Karen A. Heggen, District Attorney, Ballston Spa (John B. Latella III of counsel), for respondent.
Appeals (1) from a judgment of the County Court of Saratoga County (James A. Murphy III, J.), rendered March 11, 2020, convicting defendant upon his plea of guilty of the crime of assault in the second degree, and (2) from a judgment of said court, rendered March 11, 2020, convicting defendant upon his plea of guilty of the crime of assault in the second degree.
Defendant waived indictment and agreed to be prosecuted by two superior court informations (hereinafter SCI) charging him with assault in the second degree.[FN1] The charges stem from defendant's actions in November 2016 in repeatedly punching his girlfriend in the face, causing a fracture to her left eye orbital floor requiring multiple surgeries, and then stealing her car. Later the same day, defendant pointed a pistol at his brother and then struck him in the face and mouth with the pistol, threatening to shoot him, causing the loss of teeth and other injuries. The plea agreement, which satisfied all potential charges related to these incidents, contemplated that defendant would enter guilty pleas to both SCI charges and waive his right to appeal, in exchange for a prison term of five years on each count, to be served consecutively, to be followed by 1½ to 3 years of postrelease supervision (hereinafter PRS).[FN2] Defendant pleaded guilty in conformity with the plea agreement and executed written waivers of appeal. County Court imposed the agreed-upon consecutive sentences, issued orders of protection and ordered restitution, and this appeal ensued.
We affirm.

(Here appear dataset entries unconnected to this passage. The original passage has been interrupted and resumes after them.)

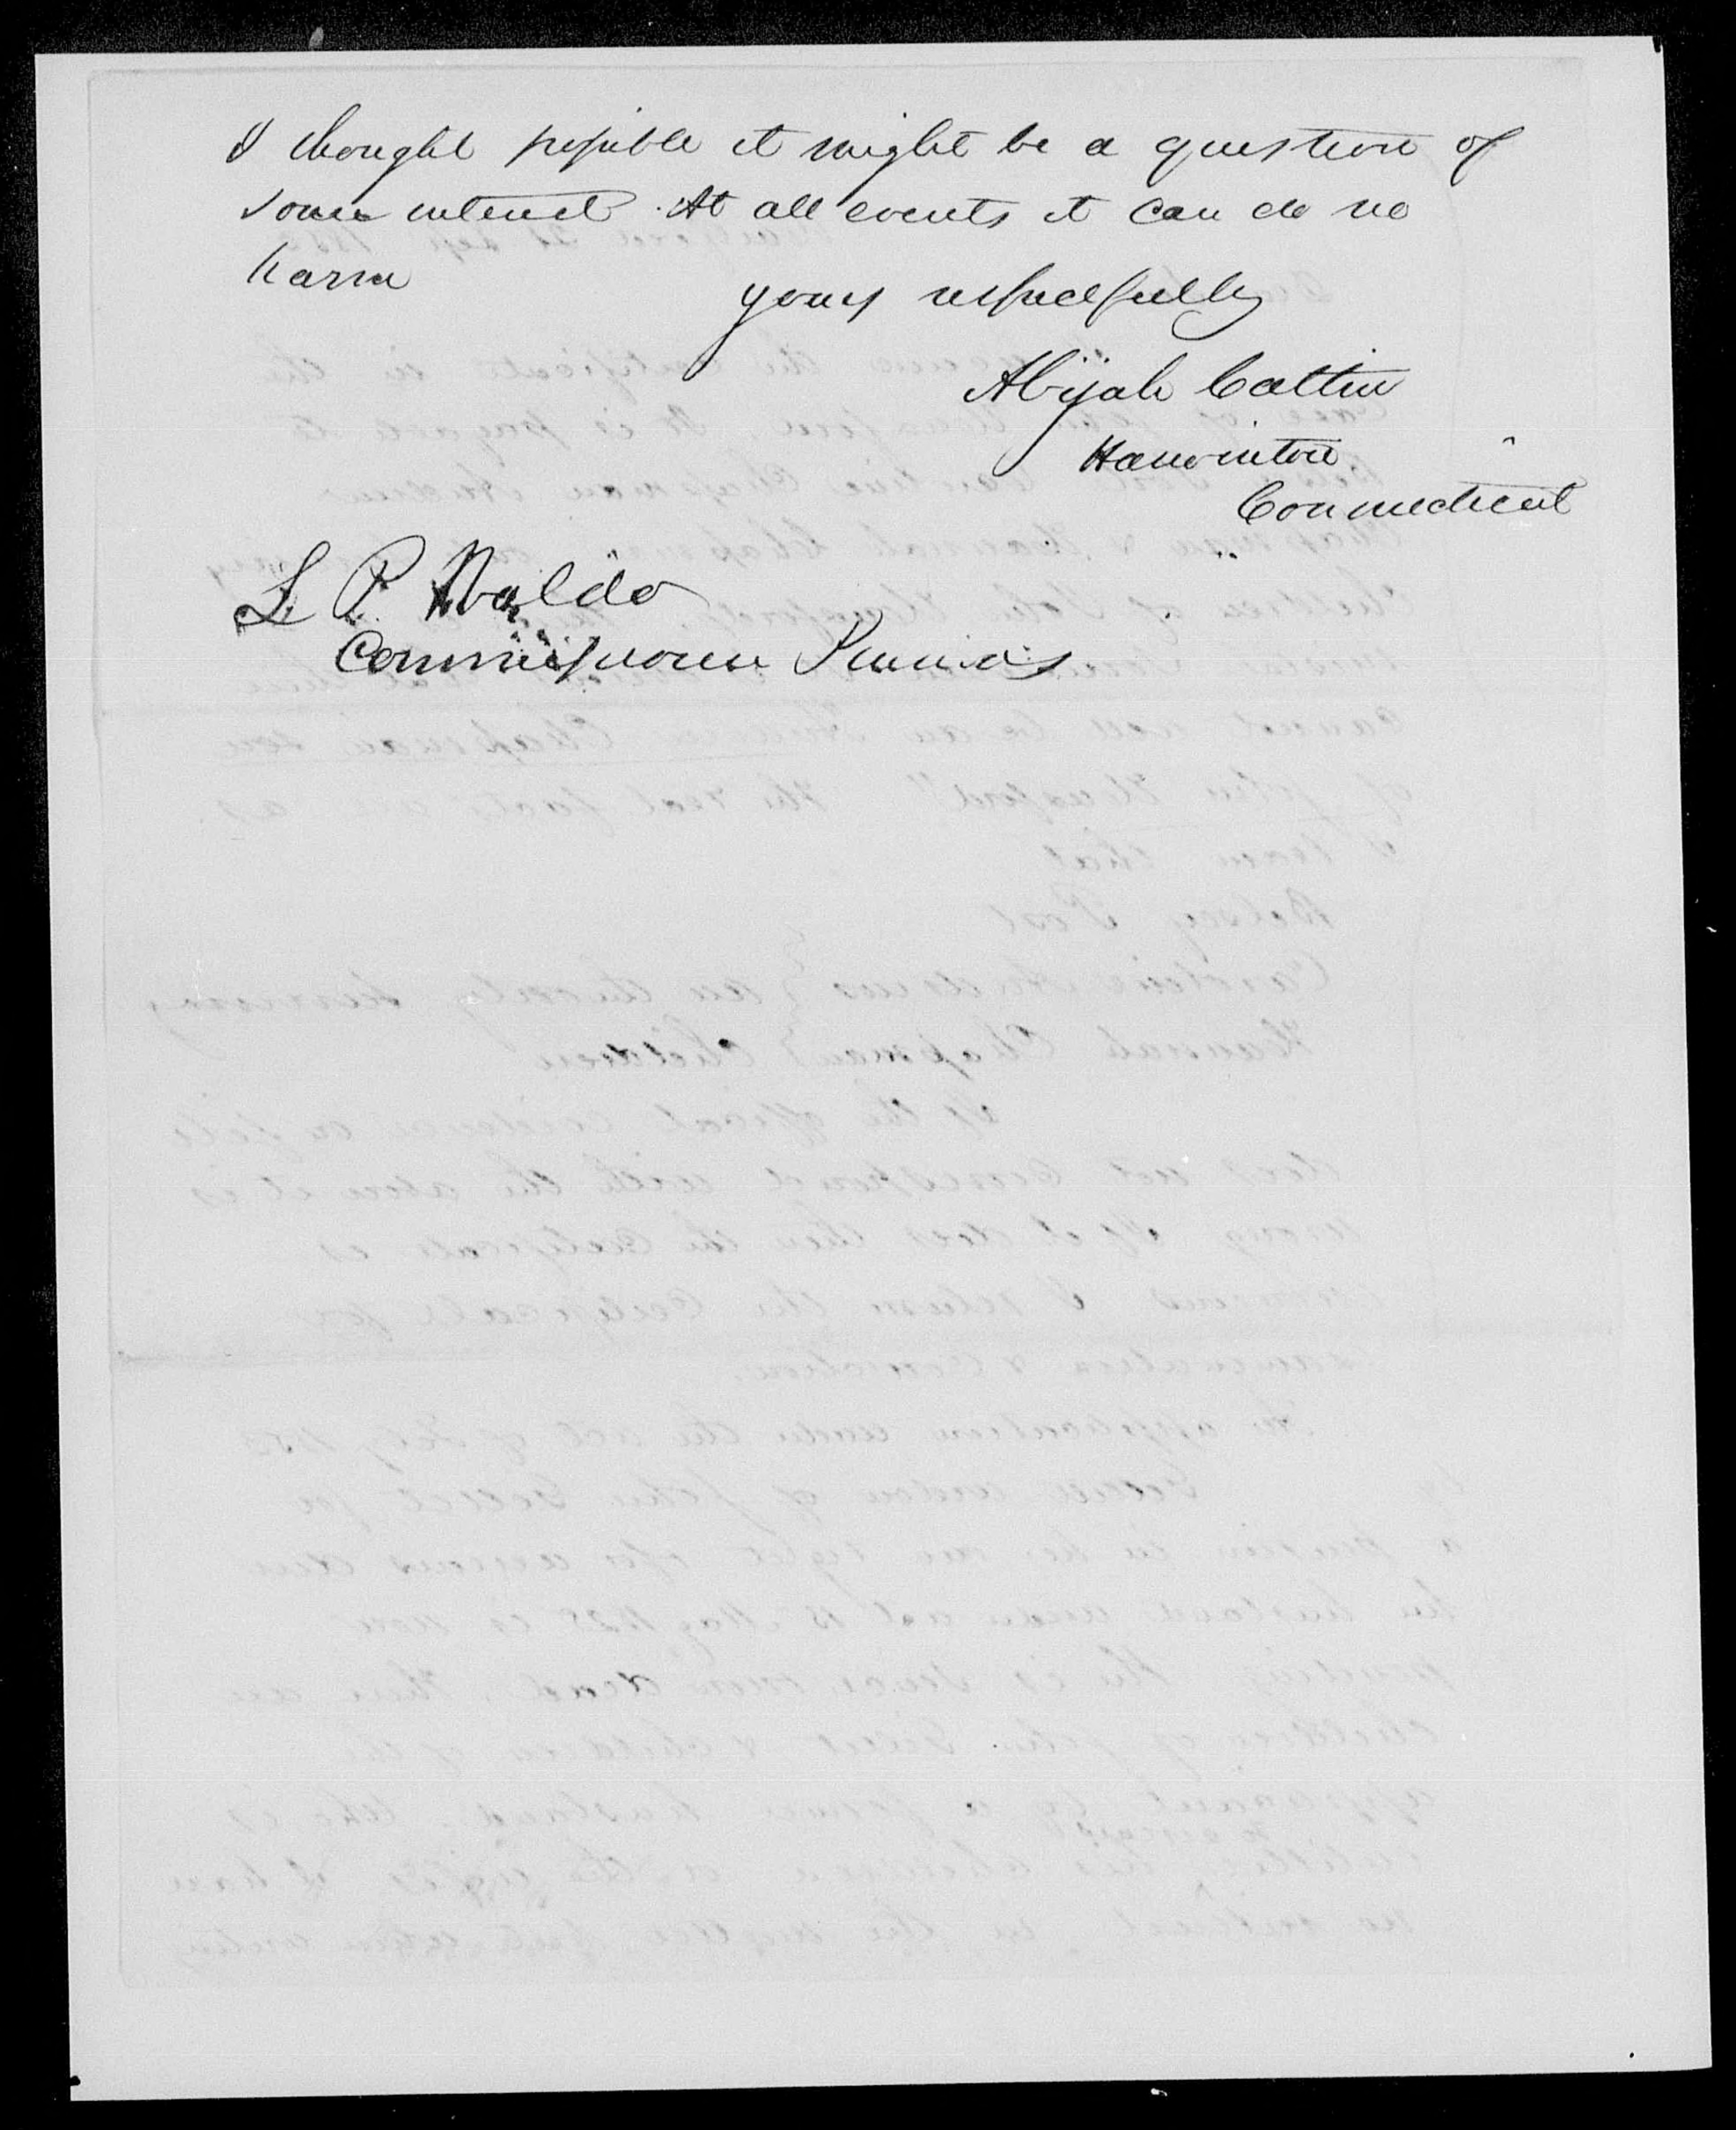I thought possible it might be a question of some interest   At all events it can do no harm

                                            Yours repectfully
                                               Abijah Catlin         
                                                  Harwinton 
                                                     Connecticut

L/P/ Waldo
Commissioner Pension

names: L P Waldo, Abijah Catlin
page: 26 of 40
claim: survivor's
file: S. 36,537 And R. 4034, John Gillet, Conn.

Initially, as the People concede and our review of the record confirms, the written waivers of appeal were overly broad in that they purported to encompass all potential appellate issues, and County Court's brief colloquy was not sufficient to establish that defendant understood that some appellate issues survive (see People v Francis, 213 AD3d 1031, 1032 [3d Dept 2023], lv denied ___ NY3d ___ [May 3, 2023]; People v Loya, 204 AD3d 1255, 1256 [3d Dept 2022], lv denied 38 NY3d 1072 [2022]; People v Mayeaux, 197 AD3d 1443, 1444 [3d Dept 2021], lv denied 37 NY3d 1147 [2021]). Accordingly, as defendant did not validly waive his right to appeal, his challenge to the perceived severity of the aggregate sentence is not precluded (see People v Lopez, 6 NY3d 248, 256 [2006]; People v Francis, 213 AD3d at 1032).

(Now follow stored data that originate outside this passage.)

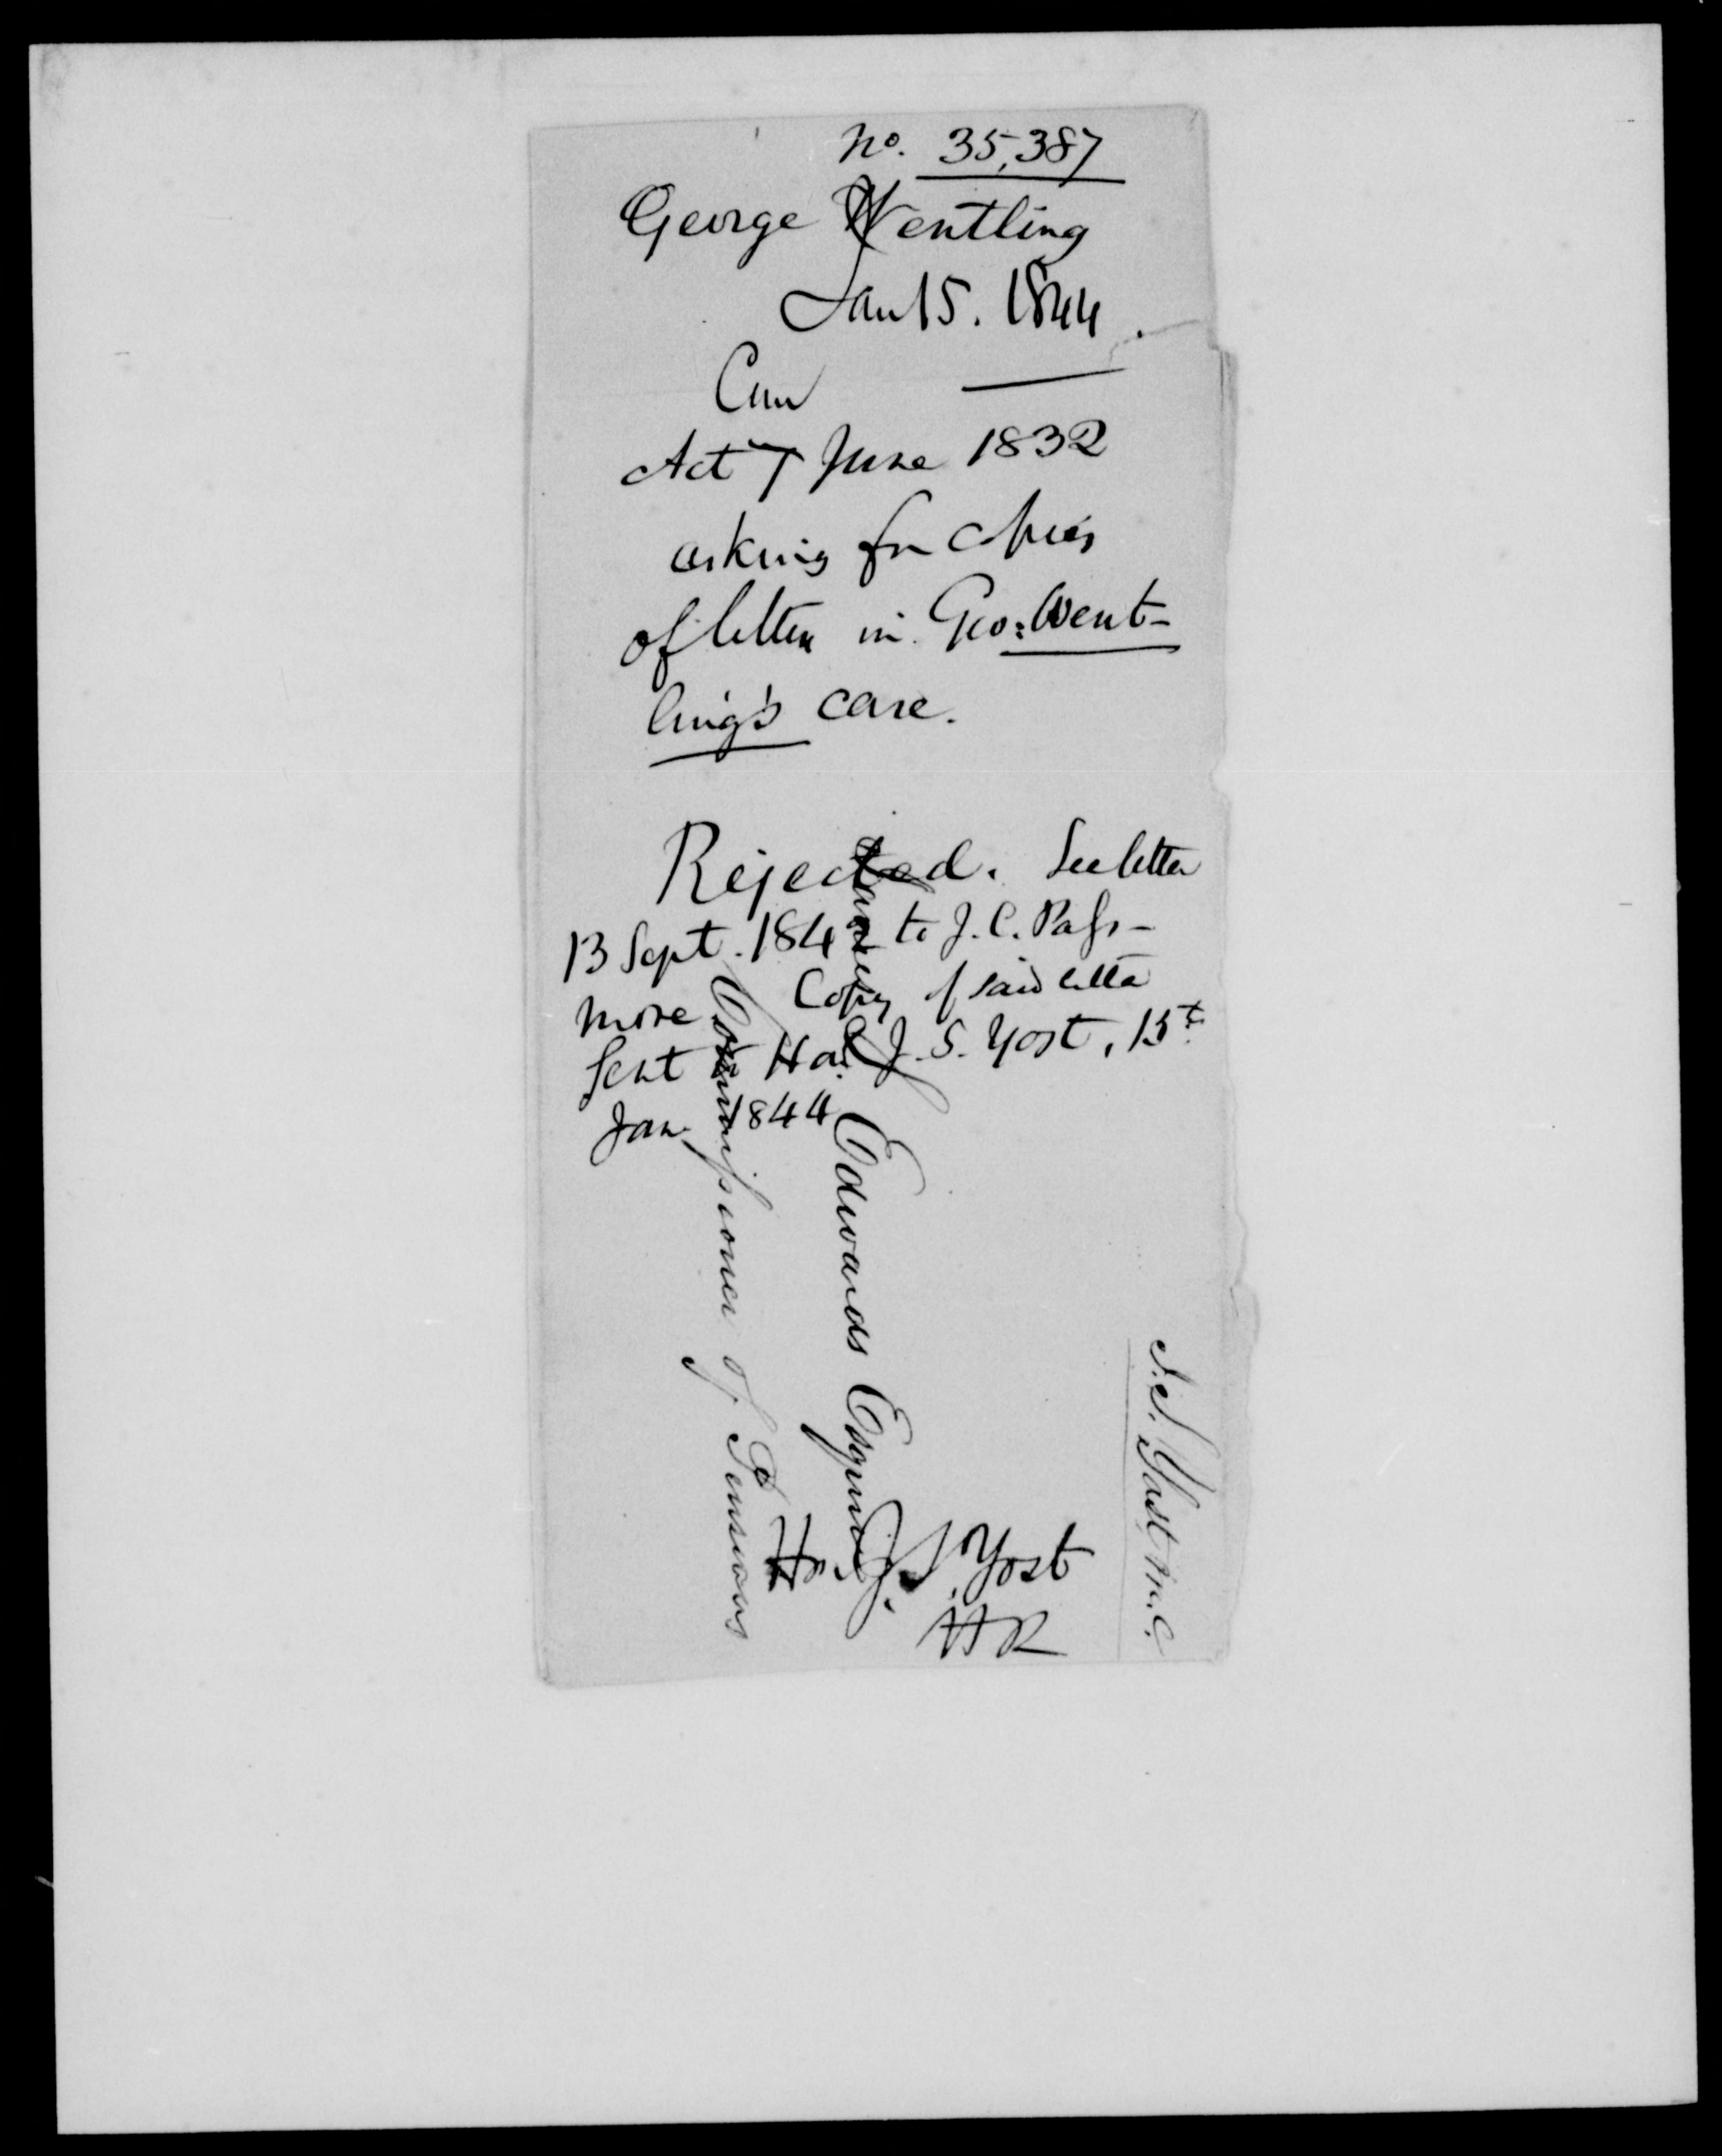No. 35,387
        ------
George Wentling
Jan 5. 1844.

Con
Act  7 June 1832
asking for copies of letters in Geo. Wentling case.

Rejected. See letter 13 Sept. 1842 to J. C. Passmore Copy of said letter sent to Hon. J. S. Yost, 15th Jan 1844

Hon J. S. Yost
MR

[Written vertically]

J. S. Yost M. C.

J. L. Edwards Esquire

Commissioner of Pensions.

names: J S Yost, James L Edwards, George Wentling
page: 17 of 68
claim: survivor's
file: S. 6,358, George Wentling, Penn.

However, we do not find that the agreed-upon aggregate sentence, which satisfied other serious charges and was less than the potential 14-year aggregate sentence had he been convicted of these violent felonies after trial (see Penal Law § 70.02 [1] [c]; [2] [b]; [3] [c]), was unduly harsh or severe (see CPL 470.15 [6] [b]). To that end, just months after being released from a prison in Florida, where he had a significant criminal history, defendant, a martial arts competitor, committed separate, violent assaults against two victims that seriously injured and traumatized them, supporting the imposition of consecutive sentences (see Penal [*2]Law § 70.25 [1], [2]). Under these circumstances, we decline defendant's request to reduce the sentence in the interest of justice (see CPL 470.15 [3] [c]). Finally, as to the imposition of a lawful three-year period of PRS upon each conviction, although County Court attempted to impose them consecutively, they merge by operation of law and no corrective action is necessary (see Penal Law § 70.45 [2] [e]; [5] [c]; People v Thorpe, 141 AD3d 927, 928 n 1 [3d Dept 2016], lv denied 28 NY3d 1031 [2016]; People v Passino, 104 AD3d 1060, 1061 [3d Dept 2013], lv denied 22 NY3d 1157 [2014]).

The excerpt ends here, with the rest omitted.